EX-10.18 3 exhibit1018.htm EXHIBIT Exhibit 10.18


    

FIRST AMENDMENT TO
EMPLOYMENT AGREEMENT

THIS AMENDMENT, dated this 8th day of March, 2013, is made by and between The Maine Water Company, a Maine corporation having its principal place of business in West Rockport, Maine (“Company”), Connecticut Water Service, Inc., a Connecticut corporation and holder of all of the outstanding capital stock of Company (“Parent”), and Judy E. Wallingford (“Employee”),
W I T N E S S E T H:
WHEREAS, the Employee, Company and Parent entered into an Employment Agreement; and
WHEREAS, the parties wish to amend the Agreement in the particulars set forth below;
NOW, THEREFORE, Company, Parent and Employee agree as follows:
1.The following subparagraph (g) is added to Paragraph 5 of the Agreement:
“(g)    Stay-on Bonus: (i) If Employee is employed on a date on which the Board of Directors of Parent approves a transaction described in clause (iii) of Paragraph 1(b) involving Parent and the shareholders of Parent subsequently approve such transaction, provided that such transaction qualifies as a “change in control event” for Parent within the meaning of Section 409A of the Internal Revenue Code of 1986 and regulations issued thereunder (the “Code”), Employee shall receive a lump sum equal to the base salary of Employee, at the rate in effect immediately prior to such date, plus an amount equal to the target percentage of the midpoint of Employee's salary grade under the Officers Incentive Program of Connecticut Water Service, Inc. for the year in which such date occurs; provided Employee is employed on the fifth (5th) day following the closing of such transaction. Payment hereunder shall be made on the fifth (5th) business day following the closing of such a transaction. (ii) If the Employee separates from service from the Company following such approval by the Board of Directors of Parent of a transaction described in subparagraph (i) of this subparagraph (g) (provided that such transaction qualifies as a “change in control event” for Parent within the meaning of Section 409A of the Code and regulations issued thereunder), and prior to the fifth (5th) day following the closing of such transaction for any reason other than for Cause, or Employee's death, or Employee's attainment of age sixty-five (65), or if Employee's employment is





terminated during such period by reason of Employee's Disability, or if Employee shall voluntarily terminate Employee's employment during such period for Good Reason, then, in addition to the amounts payable to Employee pursuant to Section 7, Employee shall be paid a lump sum equal to the base salary of Employee, at the rate in effect immediately prior to the date of termination, plus an amount equal to the target percentage of the midpoint of Employee's salary grade under the Officers Incentive Program of Connecticut Water Service, Inc. for the year in which termination occurs. If the Employee is a “specified employee,” as that term is defined under Section 409A of the Code and regulations issued thereunder at the time she incurs a separation from service, prior to payment under (ii), payment under (ii) shall be made on the later of the first day of the seventh (7th) month following the Employee's termination of Employment, or on the fifth (5th) business day following the closing of such transaction.
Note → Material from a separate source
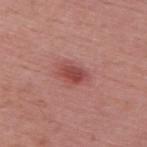The lesion was tiled from a total-body skin photograph and was not biopsied. A male patient, aged 53 to 57. The lesion is on the upper back. Cropped from a total-body skin-imaging series; the visible field is about 15 mm.

If the Employee is not a specified employee, payment under (ii) shall be made on the fifth (5th) business day following the closing of such transaction.”
2.
The following new Paragraph 13A is added to the Agreement:
“13A. Limitation on Payments.
In the event that:
(a)    the aggregate payments or benefits to be made to Employee pursuant to this Agreement, together with other payments and benefits which Employee has a right to receive from the Parent, the Company and any affiliated entities, which are deemed to be parachute payments as defined in Section 280G of the Internal Revenue Code of 1986 and regulations issued thereunder (the “Termination Benefits”), would be deemed to include an “excess parachute payment” under Section 280G of said Code; and
(b)    if such Termination Benefits were reduced to an amount (the “Non-Triggering Amount”), the value of which is one dollar ($1.00) less than an amount equal to three times the Employee's “base amount,” as determined in accordance with said Section 280G of the Code, and the Non-Triggering Amount, less the product of the marginal rate of any applicable state and federal income tax and the Non-Triggering Amount, would be greater than the aggregate value of the Termination Benefits (without such reduction) minus (A) the amount of tax required to be paid by the Employee by Section 4999 of the Code and further minus (B) the product of the Termination Benefits and the marginal rate of any applicable state and federal income tax,
then the Termination Benefits shall be reduced to the Non-Triggering Amount. The determination of whether such a reduction is required will be made at the expense of the Company by the Company's independent accountants or benefits consultant. If a reduction is required, the Company shall determine how the reduction among the Termination Benefits shall be allocated until the reduction is fully accomplished.
(c)    This provision is intended to follow the “best of net” or “best-net cutback” approach.”
3.Except as hereinabove modified and amended, the Agreement shall remain in full force and effect.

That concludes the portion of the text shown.